The premise of Bobadilla-Suarez et al.’s study therefore seems circular. They treat decodability of neural activity patterns as the ground truth of neural similarity, and that assumption seems untenable to me. They discuss the confound that the choice of decoding algorithm would affect the results and therefore advocate using the best available algorithm, yet this doesn’t really address the underlying issue. The decoder establishes the statistical similarity between neural response patterns. It does not quantify the actual neural similarity code – as a matter of fact, it cannot possibly do so.
It is therefore also unsurprising if the similarity measure that best matches classifier performance is the method that is closest to what the given classifier algorithm is based on. I may have missed this, but I cannot discern from the manuscript which classifier was actually used for the final analyses, only that the best of three was chosen. The best classifier was determined separately for the two datasets the authors used, which could be one explanation for why their outcome results differ between them.
Bobadilla-Suarez et al. ask an interesting and important question but I don’t think the study as it is can actually address it. There is a conceptual issue in that the brain may not necessarily use any of the available statistical models to quantify neural similarity, and in fact it may not do so at all. Of course, it is perfectly valid to compare different models of how it achieves this feat and any answer to this question need not be final. It does however seem to me that this is more of a methodological comparison rather than an attempt to establish what the brain is actually doing.

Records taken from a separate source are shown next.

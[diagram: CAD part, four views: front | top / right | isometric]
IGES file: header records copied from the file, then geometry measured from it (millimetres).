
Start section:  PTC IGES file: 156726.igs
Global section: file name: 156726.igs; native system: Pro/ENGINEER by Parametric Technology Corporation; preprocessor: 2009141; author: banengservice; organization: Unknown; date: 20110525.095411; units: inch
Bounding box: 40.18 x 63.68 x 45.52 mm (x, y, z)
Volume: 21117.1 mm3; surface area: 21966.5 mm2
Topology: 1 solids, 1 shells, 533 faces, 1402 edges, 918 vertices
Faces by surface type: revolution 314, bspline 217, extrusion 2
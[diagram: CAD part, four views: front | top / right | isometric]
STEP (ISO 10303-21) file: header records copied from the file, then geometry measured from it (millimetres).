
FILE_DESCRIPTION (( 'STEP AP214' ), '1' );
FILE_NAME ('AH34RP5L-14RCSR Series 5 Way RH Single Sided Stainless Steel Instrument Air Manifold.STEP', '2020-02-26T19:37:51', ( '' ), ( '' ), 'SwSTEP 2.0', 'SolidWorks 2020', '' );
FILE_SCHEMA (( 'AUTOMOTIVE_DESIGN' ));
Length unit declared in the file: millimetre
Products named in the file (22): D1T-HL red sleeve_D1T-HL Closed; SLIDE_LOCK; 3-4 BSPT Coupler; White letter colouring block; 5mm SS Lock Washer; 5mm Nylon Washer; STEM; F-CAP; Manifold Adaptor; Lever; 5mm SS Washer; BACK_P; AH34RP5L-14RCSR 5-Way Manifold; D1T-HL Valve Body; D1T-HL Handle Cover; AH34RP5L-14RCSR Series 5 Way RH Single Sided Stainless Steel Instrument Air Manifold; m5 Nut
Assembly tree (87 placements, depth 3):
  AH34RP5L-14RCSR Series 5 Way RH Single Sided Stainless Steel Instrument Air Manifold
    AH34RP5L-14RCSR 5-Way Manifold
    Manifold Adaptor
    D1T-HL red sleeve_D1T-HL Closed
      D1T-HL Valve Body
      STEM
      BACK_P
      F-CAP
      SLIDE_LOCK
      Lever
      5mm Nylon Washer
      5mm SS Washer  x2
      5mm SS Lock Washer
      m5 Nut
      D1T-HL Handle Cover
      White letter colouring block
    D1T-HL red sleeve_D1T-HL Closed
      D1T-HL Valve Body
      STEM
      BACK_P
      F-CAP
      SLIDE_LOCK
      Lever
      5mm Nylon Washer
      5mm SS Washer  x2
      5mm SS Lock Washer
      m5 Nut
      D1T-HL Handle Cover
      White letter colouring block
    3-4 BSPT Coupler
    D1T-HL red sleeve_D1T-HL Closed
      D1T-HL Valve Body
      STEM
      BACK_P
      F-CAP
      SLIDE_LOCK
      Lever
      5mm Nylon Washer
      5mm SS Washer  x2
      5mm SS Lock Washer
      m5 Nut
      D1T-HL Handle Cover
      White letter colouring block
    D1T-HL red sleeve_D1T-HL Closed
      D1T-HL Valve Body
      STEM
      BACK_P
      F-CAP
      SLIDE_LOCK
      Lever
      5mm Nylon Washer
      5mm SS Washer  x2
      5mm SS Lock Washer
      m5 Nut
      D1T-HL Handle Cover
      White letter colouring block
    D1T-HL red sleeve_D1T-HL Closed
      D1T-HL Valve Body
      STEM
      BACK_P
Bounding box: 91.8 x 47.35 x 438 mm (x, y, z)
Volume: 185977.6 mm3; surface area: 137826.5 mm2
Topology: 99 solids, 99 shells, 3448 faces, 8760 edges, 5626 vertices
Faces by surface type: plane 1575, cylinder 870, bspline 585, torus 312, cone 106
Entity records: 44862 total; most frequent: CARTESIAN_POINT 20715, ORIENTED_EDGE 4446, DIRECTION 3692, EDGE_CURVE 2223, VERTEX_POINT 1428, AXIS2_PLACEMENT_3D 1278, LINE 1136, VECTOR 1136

To my understanding, the approach the authors used to establish which similarity measure is best cannot answer this question. In this I appear to concur with Kriegeskorte’s review. Perhaps I am wrong of course, as the authors have previously suggested that Kriegeskorte “missed the point”, in which case I would welcome further explanation of the authors’ rationale here. However, from where I’m currently standing, I would recommend that the authors revise their manuscript as a methodological comparison and to be more circumspect with regard to claims about neural representations.
The results shown here are certainly not without merit. By comparing commonly used similarity measures to the best available decoding algorithm they may not establish which measure is closest to what the brain is doing, but they certainly do show how these measures compare to complex classification algorithms. This in itself is informative for practical reasons because decoding is computationally expensive. Any squabbling aside, the authors show that the most commonly used measure, Pearson’s correlation, clearly does not perform in the same way as a lot of other possible techniques. This finding should also be of interest to anyone conducting an RSA experiment.
Some final words
I hope the authors find this comment useful. Just because I agree with Kriegeskorte’s main point, I hope that doesn’t make me his “acolyte” (I have neither been trained by him nor would I say that we stem from the same theoretical camp). I may have “missed the point” too, in which case I would appreciate further insight.
I find it very unfortunate that instead of a decent discussion on science, this debate descended into something not far above a poo-slinging contest. I have deliberately avoided taking sides in that argument because of my relationship to either side. While I vehemently object to the manner with which Brad responded to Niko’s post, I think it should be obvious that not everybody is on the same wavelength when it comes to open reviewing. It is depressing and deeply unsettling how many people on either side of this divide appear to be unwilling to even try to understand the other point of view.